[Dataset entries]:
========
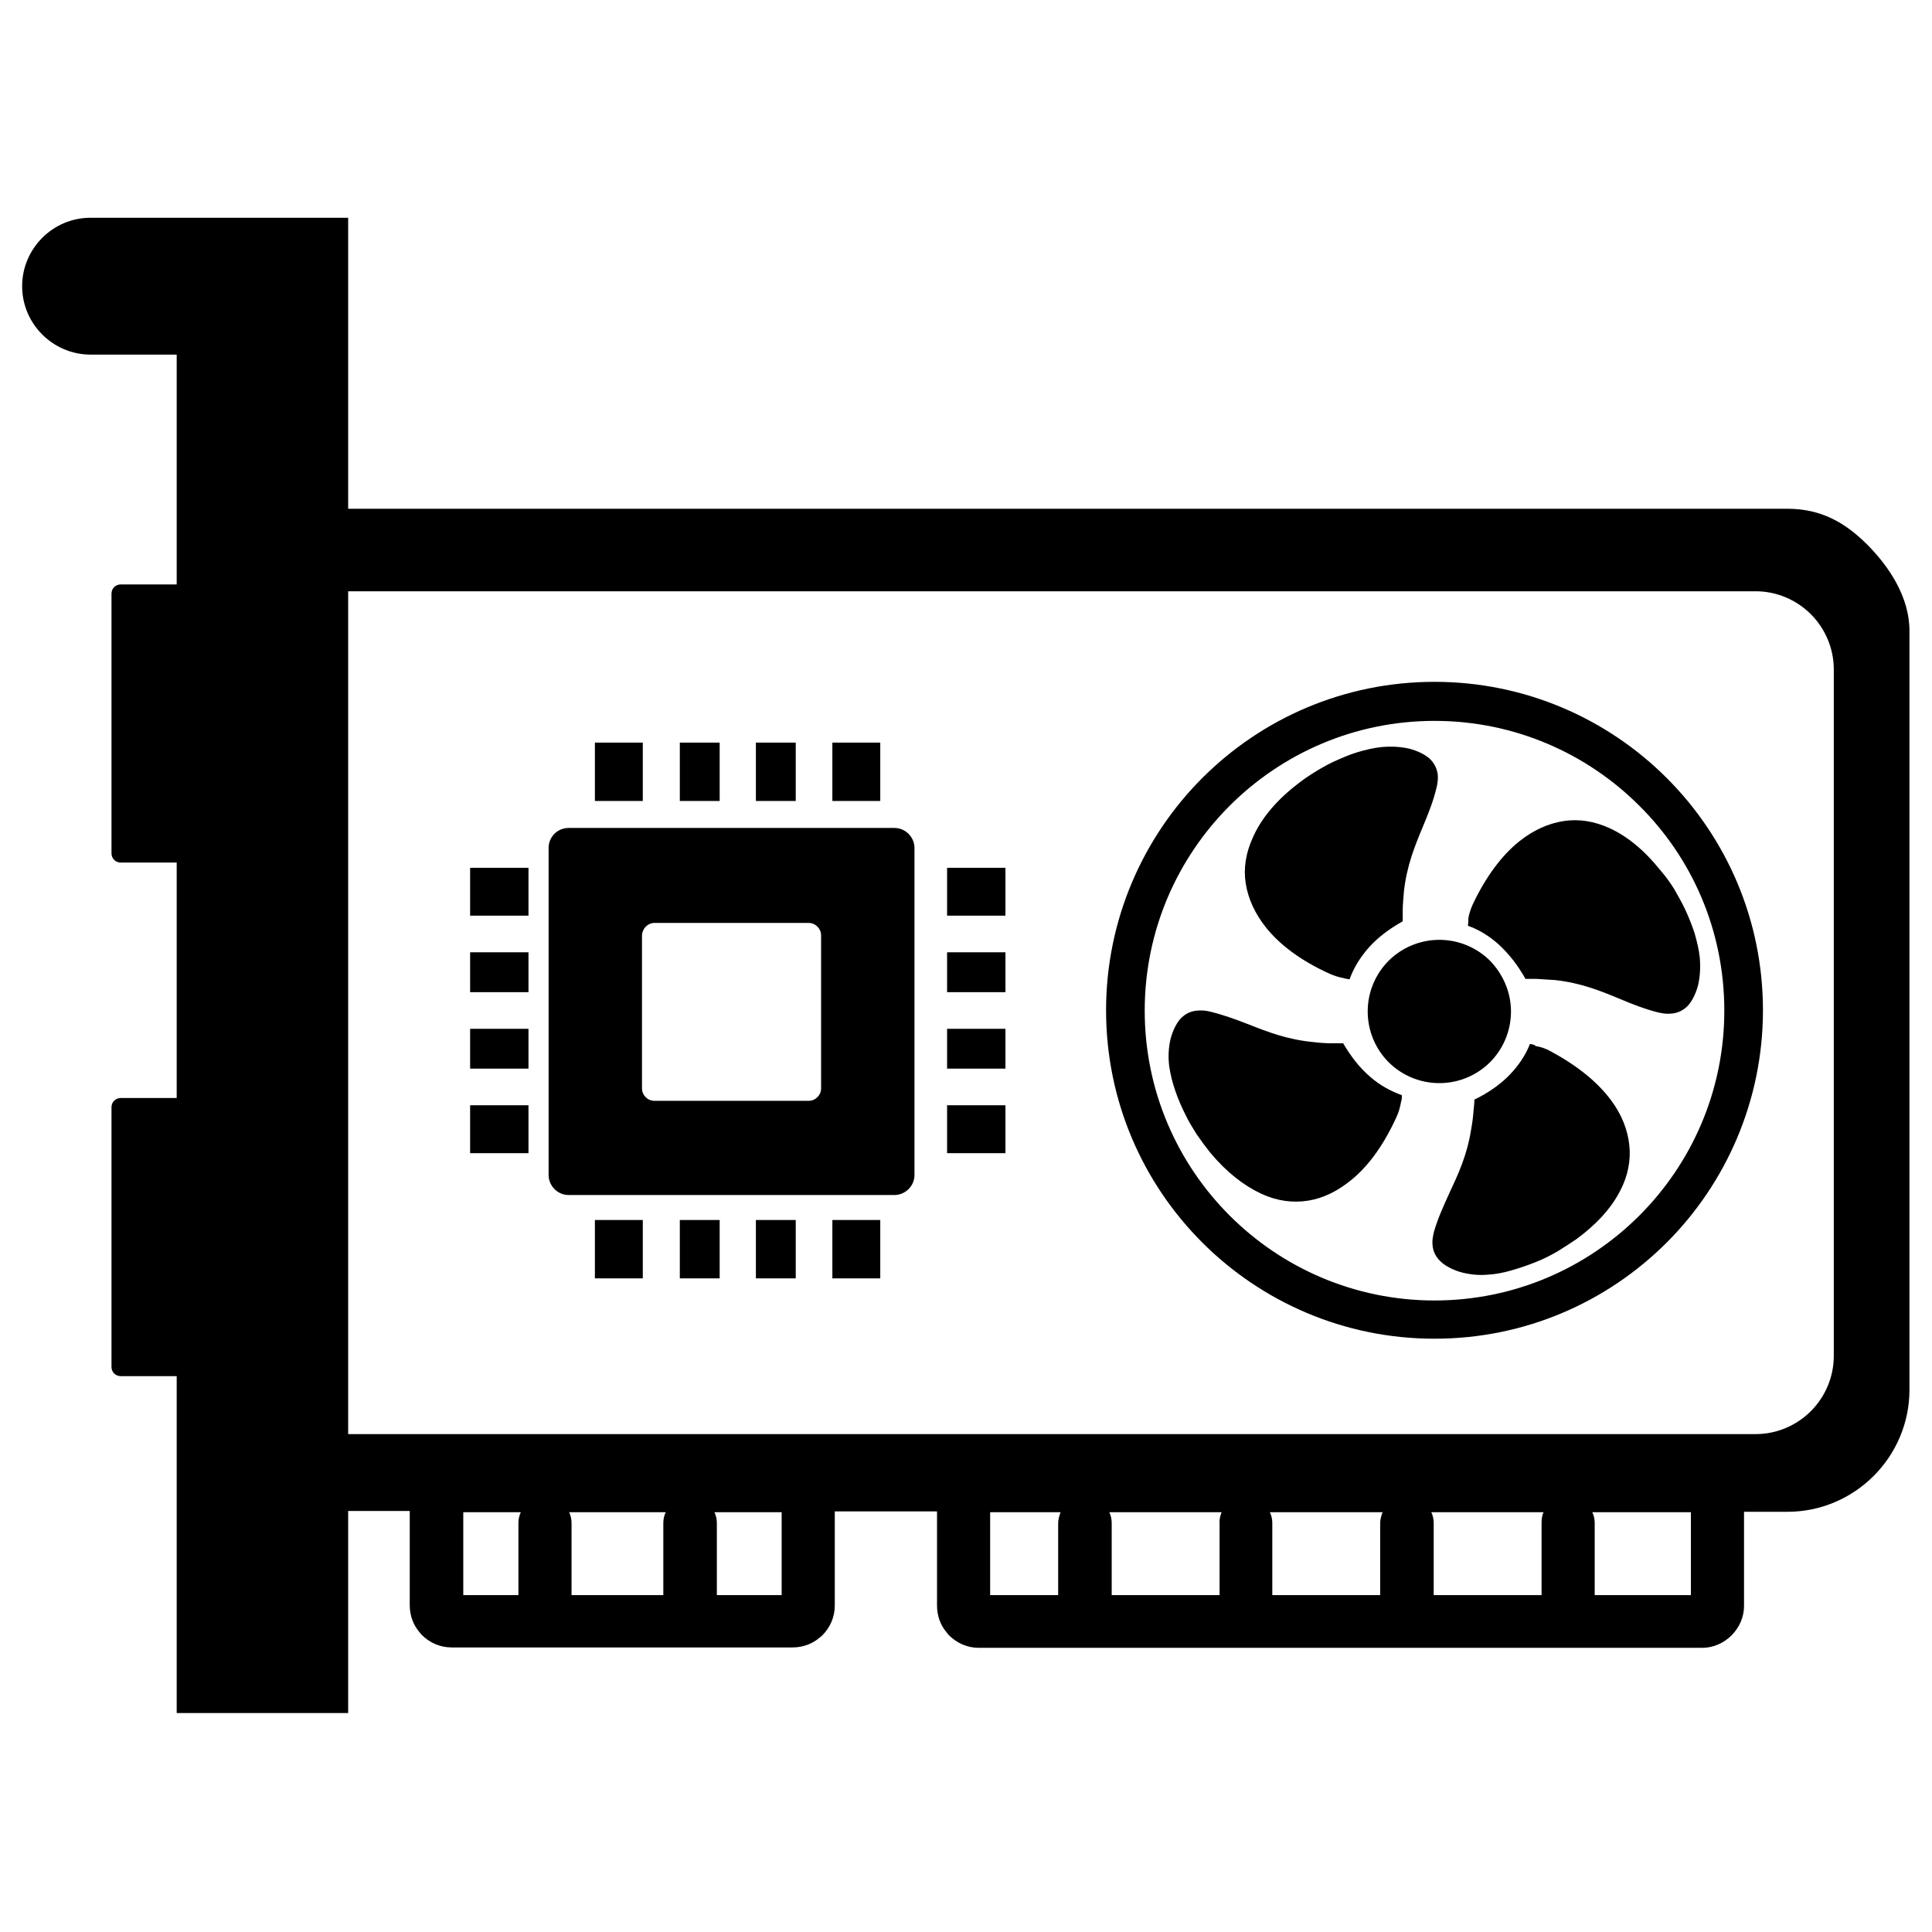 <?xml version="1.0" encoding="utf-8"?>
<!-- Generator: Adobe Illustrator 24.1.1, SVG Export Plug-In . SVG Version: 6.00 Build 0)  -->
<svg version="1.1" id="Layer_1" xmlns="http://www.w3.org/2000/svg" xmlns:xlink="http://www.w3.org/1999/xlink" x="0px" y="0px"
	 viewBox="0 0 48 48" style="enable-background:new 0 0 48 48;" xml:space="preserve">
<style type="text/css">
	.st0{fill-rule:evenodd;clip-rule:evenodd;}
</style>
<g>
	<path class="st0" d="M4.39,5.41h4.26v7.23h35.76c0.83,0,1.43,0.34,1.98,0.89c0.55,0.55,1.05,1.31,1.05,2.14v18.86
		c0,0.83-0.34,1.59-0.89,2.14c-0.55,0.55-1.31,0.89-2.14,0.89h-1.08v2.34c0,0.28-0.12,0.54-0.31,0.73l0,0
		c-0.19,0.19-0.45,0.31-0.73,0.31H24.32c-0.29,0-0.55-0.12-0.74-0.31c-0.02-0.02-0.04-0.04-0.05-0.06
		c-0.16-0.18-0.25-0.42-0.25-0.68v-2.34h-2.54v2.34c0,0.29-0.12,0.55-0.31,0.74c-0.02,0.02-0.04,0.04-0.06,0.05
		c-0.18,0.16-0.42,0.25-0.68,0.25h-8.47c-0.29,0-0.55-0.12-0.74-0.31c-0.02-0.02-0.04-0.04-0.05-0.06
		c-0.16-0.18-0.25-0.42-0.25-0.68v-2.34H8.65v5.02H4.39v-8.37H3c-0.13,0-0.23-0.1-0.23-0.23v-6.45c0-0.13,0.1-0.23,0.23-0.23h1.39
		v-5.85H3c-0.13,0-0.23-0.1-0.23-0.23v-6.45c0-0.13,0.1-0.23,0.23-0.23h1.39V8.81H2.25c-0.93,0-1.7-0.76-1.7-1.7l0,0
		c0-0.93,0.76-1.7,1.7-1.7H4.39L4.39,5.41z M14.78,31.76h1.19v-1.45h-1.19V31.76L14.78,31.76L14.78,31.76z M35.64,16.94
		c2.26,0,4.3,0.92,5.77,2.39c1.48,1.48,2.39,3.52,2.39,5.77s-0.92,4.3-2.39,5.77c-1.48,1.48-3.52,2.39-5.77,2.39
		c-2.26,0-4.3-0.92-5.77-2.39c-1.48-1.48-2.39-3.52-2.39-5.77s0.92-4.3,2.39-5.77C31.35,17.85,33.39,16.94,35.64,16.94L35.64,16.94z
		 M40.73,20.02c-1.3-1.3-3.1-2.11-5.09-2.11s-3.79,0.81-5.09,2.11c-1.3,1.3-2.11,3.1-2.11,5.09s0.81,3.79,2.11,5.09
		c1.3,1.3,3.1,2.11,5.09,2.11s3.79-0.81,5.09-2.11c1.3-1.3,2.11-3.1,2.11-5.09S42.04,21.32,40.73,20.02L40.73,20.02z M38.01,25.94
		c-0.11,0.28-0.28,0.53-0.5,0.76c-0.23,0.24-0.53,0.45-0.88,0.62c0,0.1-0.01,0.18-0.02,0.27c-0.01,0.15-0.03,0.31-0.06,0.47
		c-0.1,0.64-0.32,1.11-0.54,1.58c-0.14,0.31-0.28,0.61-0.38,0.95c-0.03,0.12-0.05,0.23-0.04,0.33c0.01,0.17,0.08,0.3,0.19,0.41
		c0.12,0.12,0.3,0.21,0.49,0.27c0.21,0.06,0.45,0.09,0.68,0.07c0.2-0.01,0.41-0.05,0.61-0.11c0.21-0.06,0.41-0.13,0.61-0.21
		c0.18-0.07,0.35-0.16,0.51-0.25c0.16-0.1,0.32-0.2,0.48-0.31c0.52-0.38,0.88-0.79,1.09-1.2c0.2-0.38,0.27-0.77,0.23-1.14
		c-0.04-0.38-0.19-0.76-0.45-1.11c-0.34-0.46-0.85-0.87-1.52-1.23c-0.11-0.06-0.23-0.1-0.35-0.12
		C38.11,25.95,38.06,25.94,38.01,25.94L38.01,25.94L38.01,25.94z M36.47,23c0.28,0.1,0.54,0.26,0.77,0.47
		c0.25,0.23,0.47,0.51,0.66,0.85c0.09,0,0.18,0,0.27,0c0.16,0.01,0.32,0.02,0.47,0.03c0.64,0.07,1.13,0.27,1.61,0.47
		c0.31,0.13,0.61,0.25,0.97,0.34c0,0,0.01,0,0.01,0c0.12,0.03,0.22,0.03,0.32,0.02c0.17-0.02,0.3-0.1,0.4-0.21
		c0.11-0.13,0.19-0.31,0.24-0.5c0.05-0.22,0.06-0.45,0.04-0.68c-0.02-0.2-0.07-0.4-0.13-0.61c-0.07-0.21-0.15-0.41-0.24-0.6
		c-0.08-0.17-0.18-0.34-0.27-0.5c-0.1-0.16-0.21-0.31-0.34-0.46c-0.4-0.5-0.82-0.84-1.25-1.04c-0.39-0.18-0.78-0.24-1.16-0.18
		c-0.38,0.06-0.75,0.23-1.09,0.5c-0.44,0.35-0.84,0.89-1.16,1.57c-0.05,0.11-0.09,0.23-0.11,0.35C36.48,22.9,36.48,22.94,36.47,23
		L36.47,23L36.47,23z M33.53,24.33c0.1-0.28,0.26-0.54,0.47-0.78c0.22-0.25,0.51-0.47,0.85-0.66c0-0.09,0-0.18,0-0.27
		c0-0.16,0.02-0.32,0.03-0.47c0.07-0.64,0.27-1.13,0.47-1.61c0.13-0.31,0.26-0.63,0.34-0.97c0.03-0.12,0.04-0.23,0.03-0.33
		c-0.02-0.16-0.1-0.3-0.21-0.4c-0.13-0.11-0.31-0.19-0.5-0.24c-0.22-0.05-0.45-0.06-0.68-0.04c-0.2,0.02-0.41,0.07-0.61,0.13
		c-0.2,0.06-0.4,0.15-0.6,0.24c-0.17,0.08-0.34,0.18-0.5,0.28c-0.16,0.1-0.31,0.21-0.46,0.33c-0.5,0.4-0.84,0.83-1.03,1.26
		c-0.18,0.39-0.24,0.78-0.18,1.15c0.06,0.38,0.23,0.75,0.5,1.09c0.35,0.44,0.89,0.84,1.58,1.15c0.11,0.05,0.23,0.09,0.35,0.11
		C33.43,24.32,33.48,24.32,33.53,24.33L33.53,24.33L33.53,24.33z M37.02,23.87c-0.32-0.32-0.77-0.52-1.26-0.52
		c-0.49,0-0.94,0.2-1.26,0.52c-0.32,0.32-0.52,0.77-0.52,1.26c0,0.49,0.2,0.94,0.52,1.26c0.32,0.32,0.77,0.52,1.26,0.52
		c0.49,0,0.94-0.2,1.26-0.52c0.32-0.32,0.52-0.77,0.52-1.26C37.54,24.65,37.34,24.2,37.02,23.87L37.02,23.87L37.02,23.87z
		 M34.83,27.21c-0.28-0.1-0.55-0.25-0.78-0.45c-0.26-0.22-0.48-0.5-0.68-0.84c-0.09,0-0.18,0-0.27,0c-0.16,0-0.32-0.01-0.47-0.03
		c-0.64-0.06-1.13-0.25-1.61-0.44c-0.31-0.12-0.63-0.24-0.97-0.32c-0.12-0.03-0.23-0.03-0.33-0.02c-0.17,0.02-0.3,0.1-0.4,0.21
		c-0.11,0.13-0.19,0.31-0.24,0.5c-0.05,0.22-0.06,0.45-0.03,0.68c0.03,0.2,0.08,0.4,0.15,0.6c0.07,0.21,0.16,0.41,0.25,0.59
		c0.08,0.17,0.18,0.33,0.28,0.49c0.11,0.16,0.22,0.31,0.34,0.46c0.41,0.49,0.84,0.82,1.27,1.02c0.39,0.18,0.78,0.23,1.16,0.17
		c0.38-0.06,0.74-0.24,1.08-0.52c0.44-0.36,0.82-0.9,1.13-1.59c0.05-0.11,0.08-0.24,0.1-0.35C34.83,27.31,34.83,27.26,34.83,27.21
		L34.83,27.21L34.83,27.21z M14.13,20.57h8.09c0.28,0,0.5,0.23,0.5,0.5v8.12c0,0.28-0.23,0.5-0.5,0.5h-8.09
		c-0.28,0-0.5-0.23-0.5-0.5v-8.12C13.63,20.79,13.85,20.57,14.13,20.57L14.13,20.57L14.13,20.57L14.13,20.57z M16.26,22.93h3.83
		c0.17,0,0.31,0.14,0.31,0.31v3.8c0,0.17-0.14,0.31-0.31,0.31h-3.83c-0.17,0-0.31-0.14-0.31-0.31v-3.8
		C15.96,23.06,16.1,22.93,16.26,22.93L16.26,22.93L16.26,22.93z M24.98,25.56v0.99h-1.45v-0.99H24.98L24.98,25.56L24.98,25.56z
		 M24.98,23.66v0.99h-1.45v-0.99H24.98L24.98,23.66L24.98,23.66L24.98,23.66z M24.98,27.46v1.19h-1.45v-1.19H24.98L24.98,27.46
		L24.98,27.46z M24.98,21.56v1.19h-1.45v-1.19H24.98L24.98,21.56L24.98,21.56z M11.68,25.56v0.99h1.45v-0.99H11.68L11.68,25.56
		L11.68,25.56z M11.68,23.66v0.99h1.45v-0.99H11.68L11.68,23.66L11.68,23.66z M11.68,27.46v1.19h1.45v-1.19H11.68L11.68,27.46
		L11.68,27.46z M11.68,21.56v1.19h1.45v-1.19H11.68L11.68,21.56L11.68,21.56z M18.78,18.45h0.99v1.45h-0.99V18.45L18.78,18.45
		L18.78,18.45L18.78,18.45z M16.89,18.45h0.99v1.45h-0.99V18.45L16.89,18.45L16.89,18.45L16.89,18.45z M20.68,18.45h1.19v1.45h-1.19
		V18.45L20.68,18.45L20.68,18.45L20.68,18.45z M14.78,18.45h1.19v1.45h-1.19V18.45L14.78,18.45L14.78,18.45L14.78,18.45z
		 M18.78,31.76h0.99v-1.45h-0.99V31.76L18.78,31.76L18.78,31.76z M16.89,31.76h0.99v-1.45h-0.99V31.76L16.89,31.76L16.89,31.76z
		 M20.68,31.76h1.19v-1.45h-1.19V31.76L20.68,31.76L20.68,31.76z M8.65,14.69v20.94h34.97c0.53,0,1.02-0.22,1.37-0.57
		c0.35-0.35,0.57-0.84,0.57-1.37V16.63c0-0.53-0.22-1.02-0.57-1.37c-0.35-0.35-0.84-0.57-1.37-0.57l0,0H8.65L8.65,14.69z
		 M42.01,37.57h-2.45c0.04,0.08,0.06,0.18,0.06,0.27v1.79h2.39V37.57L42.01,37.57z M38.35,37.57h-2.79
		c0.04,0.08,0.06,0.18,0.06,0.27v1.79h2.68v-1.79C38.3,37.75,38.31,37.65,38.35,37.57L38.35,37.57z M34.35,37.57h-2.8
		c0.04,0.08,0.06,0.18,0.06,0.27v1.79h2.68v-1.79C34.29,37.75,34.32,37.65,34.35,37.57L34.35,37.57z M30.35,37.57h-2.79
		c0.04,0.08,0.06,0.18,0.06,0.27v1.79h2.68v-1.79C30.29,37.75,30.32,37.65,30.35,37.57L30.35,37.57z M26.35,37.57H24.6v2.06h1.69
		v-1.79C26.29,37.75,26.32,37.65,26.35,37.57L26.35,37.57z M19.42,37.57h-1.67c0.04,0.08,0.06,0.18,0.06,0.27v1.79h1.61V37.57
		L19.42,37.57z M16.54,37.57h-2.4c0.04,0.08,0.06,0.18,0.06,0.27v1.79h2.28v-1.79C16.48,37.75,16.5,37.65,16.54,37.57L16.54,37.57z
		 M12.94,37.57h-1.43v2.06h1.37v-1.79C12.88,37.75,12.9,37.65,12.94,37.57L12.94,37.57z"/>
</g>
</svg>
========
For each line above that carries the word "style", copy it out.

	 viewBox="0 0 48 48" style="enable-background:new 0 0 48 48;" xml:space="preserve">
<style type="text/css">
</style>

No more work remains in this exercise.